### [EXERCISE DESCRIPTION]
Once the pictures are set aside, transcribe each line of the data exactly.

Dataset excerpts:
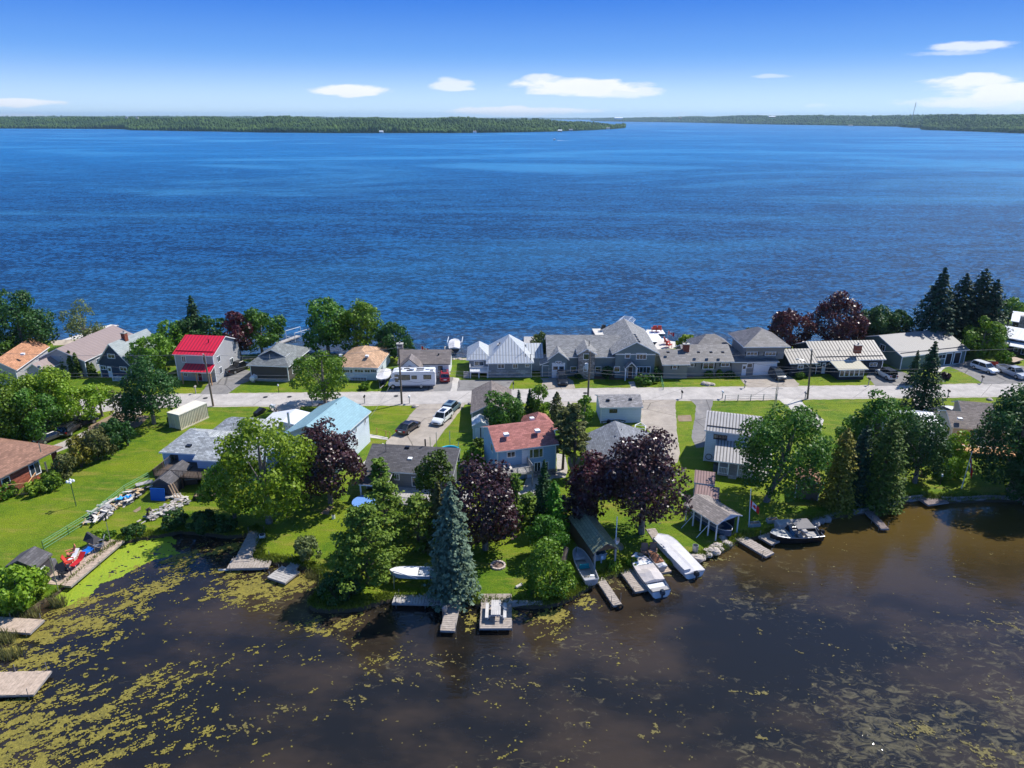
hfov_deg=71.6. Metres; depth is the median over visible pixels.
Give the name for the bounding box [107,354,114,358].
window
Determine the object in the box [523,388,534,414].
spruce tree
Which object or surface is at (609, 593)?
dock
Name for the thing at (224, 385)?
driveway
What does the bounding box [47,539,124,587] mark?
deck
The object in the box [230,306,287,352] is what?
leafy tree
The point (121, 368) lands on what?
window
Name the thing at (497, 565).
fire pit
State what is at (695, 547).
barrel
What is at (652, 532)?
dock
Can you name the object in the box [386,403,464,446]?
driveway
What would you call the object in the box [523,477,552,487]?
patio
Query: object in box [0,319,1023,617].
ground
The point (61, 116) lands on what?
forest
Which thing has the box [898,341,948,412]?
spruce tree
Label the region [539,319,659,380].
house
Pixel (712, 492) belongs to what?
shed
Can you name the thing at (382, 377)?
motorboat
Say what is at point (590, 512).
leafy tree
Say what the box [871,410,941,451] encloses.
house
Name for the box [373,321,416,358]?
leafy tree
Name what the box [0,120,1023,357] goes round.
lake
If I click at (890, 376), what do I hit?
parked car
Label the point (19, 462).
house
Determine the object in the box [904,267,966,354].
spruce tree
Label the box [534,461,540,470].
window
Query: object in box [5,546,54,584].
shed
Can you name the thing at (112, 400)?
leafy tree
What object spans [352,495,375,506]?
trampoline
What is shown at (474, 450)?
shrub
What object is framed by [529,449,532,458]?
window
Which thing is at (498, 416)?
leafy tree
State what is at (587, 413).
leafy tree
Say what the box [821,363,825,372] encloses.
door
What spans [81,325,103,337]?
leafy tree
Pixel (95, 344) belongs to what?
house
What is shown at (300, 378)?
overhead wire
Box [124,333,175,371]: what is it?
leafy tree
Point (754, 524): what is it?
planter box
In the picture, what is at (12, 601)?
willow bush
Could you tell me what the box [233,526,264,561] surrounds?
dock
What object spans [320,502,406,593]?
pine tree
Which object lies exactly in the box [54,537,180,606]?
duckweed
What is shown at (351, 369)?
door
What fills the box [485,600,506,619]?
picnic table
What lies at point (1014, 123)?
forest
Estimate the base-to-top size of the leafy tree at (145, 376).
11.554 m
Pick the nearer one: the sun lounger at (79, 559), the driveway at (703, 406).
the sun lounger at (79, 559)
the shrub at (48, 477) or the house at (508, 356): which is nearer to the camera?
the shrub at (48, 477)
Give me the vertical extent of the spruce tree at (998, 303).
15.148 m
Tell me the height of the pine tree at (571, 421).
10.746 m
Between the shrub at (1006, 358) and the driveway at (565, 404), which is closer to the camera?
the driveway at (565, 404)
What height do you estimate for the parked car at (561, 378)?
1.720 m
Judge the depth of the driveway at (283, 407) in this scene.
117.49 m
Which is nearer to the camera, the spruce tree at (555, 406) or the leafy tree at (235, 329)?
the spruce tree at (555, 406)
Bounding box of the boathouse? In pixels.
[568,508,619,566]
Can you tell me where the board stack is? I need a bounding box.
[165,493,188,498]
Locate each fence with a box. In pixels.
[41,473,149,549]
[725,394,776,400]
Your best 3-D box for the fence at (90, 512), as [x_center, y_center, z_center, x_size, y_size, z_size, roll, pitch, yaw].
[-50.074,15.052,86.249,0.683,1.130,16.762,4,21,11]
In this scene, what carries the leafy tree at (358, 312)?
on the ground
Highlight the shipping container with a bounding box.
[166,400,208,430]
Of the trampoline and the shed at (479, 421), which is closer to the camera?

### [OUTPUT OF THE TASK]
hfov_deg=71.6. Metres; depth is the median over visible pixels.
Give the name for the bounding box [107,354,114,358].
window
Determine the object in the box [523,388,534,414].
spruce tree
Which object or surface is at (609, 593)?
dock
Name for the thing at (224, 385)?
driveway
What does the bounding box [47,539,124,587] mark?
deck
The object in the box [230,306,287,352] is what?
leafy tree
The point (121, 368) lands on what?
window
Name the thing at (497, 565).
fire pit
State what is at (695, 547).
barrel
What is at (652, 532)?
dock
Can you name the object in the box [386,403,464,446]?
driveway
What would you call the object in the box [523,477,552,487]?
patio
Query: object in box [0,319,1023,617].
ground
The point (61, 116) lands on what?
forest
Which thing has the box [898,341,948,412]?
spruce tree
Label the region [539,319,659,380].
house
Pixel (712, 492) belongs to what?
shed
Can you name the thing at (382, 377)?
motorboat
Say what is at point (590, 512).
leafy tree
Say what the box [871,410,941,451] encloses.
house
Name for the box [373,321,416,358]?
leafy tree
Name what the box [0,120,1023,357] goes round.
lake
If I click at (890, 376), what do I hit?
parked car
Label the point (19, 462).
house
Determine the object in the box [904,267,966,354].
spruce tree
Label the box [534,461,540,470].
window
Query: object in box [5,546,54,584].
shed
Can you name the thing at (112, 400)?
leafy tree
What object spans [352,495,375,506]?
trampoline
What is shown at (474, 450)?
shrub
What object is framed by [529,449,532,458]?
window
Which thing is at (498, 416)?
leafy tree
State what is at (587, 413).
leafy tree
Say what the box [821,363,825,372] encloses.
door
What spans [81,325,103,337]?
leafy tree
Pixel (95, 344) belongs to what?
house
What is shown at (300, 378)?
overhead wire
Box [124,333,175,371]: what is it?
leafy tree
Point (754, 524): what is it?
planter box
In the picture, what is at (12, 601)?
willow bush
Could you tell me what the box [233,526,264,561] surrounds?
dock
What object spans [320,502,406,593]?
pine tree
Which object lies exactly in the box [54,537,180,606]?
duckweed
What is shown at (351, 369)?
door
What fills the box [485,600,506,619]?
picnic table
What lies at point (1014, 123)?
forest
Estimate the base-to-top size of the leafy tree at (145, 376).
11.554 m
Pick the nearer one: the sun lounger at (79, 559), the driveway at (703, 406).
the sun lounger at (79, 559)
the shrub at (48, 477) or the house at (508, 356): which is nearer to the camera?
the shrub at (48, 477)
Give me the vertical extent of the spruce tree at (998, 303).
15.148 m
Tell me the height of the pine tree at (571, 421).
10.746 m
Between the shrub at (1006, 358) and the driveway at (565, 404), which is closer to the camera?
the driveway at (565, 404)
What height do you estimate for the parked car at (561, 378)?
1.720 m
Judge the depth of the driveway at (283, 407) in this scene.
117.49 m
Which is nearer to the camera, the spruce tree at (555, 406) or the leafy tree at (235, 329)?
the spruce tree at (555, 406)
Bounding box of the boathouse? In pixels.
[568,508,619,566]
Can you tell me where the board stack is? I need a bounding box.
[165,493,188,498]
Locate each fence with a box. In pixels.
[41,473,149,549]
[725,394,776,400]
Your best 3-D box for the fence at (90, 512), as [x_center, y_center, z_center, x_size, y_size, z_size, roll, pitch, yaw].
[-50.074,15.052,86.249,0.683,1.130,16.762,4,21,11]
In this scene, what carries the leafy tree at (358, 312)?
on the ground
Highlight the shipping container with a bounding box.
[166,400,208,430]
Of the trampoline and the shed at (479, 421), which is closer to the camera?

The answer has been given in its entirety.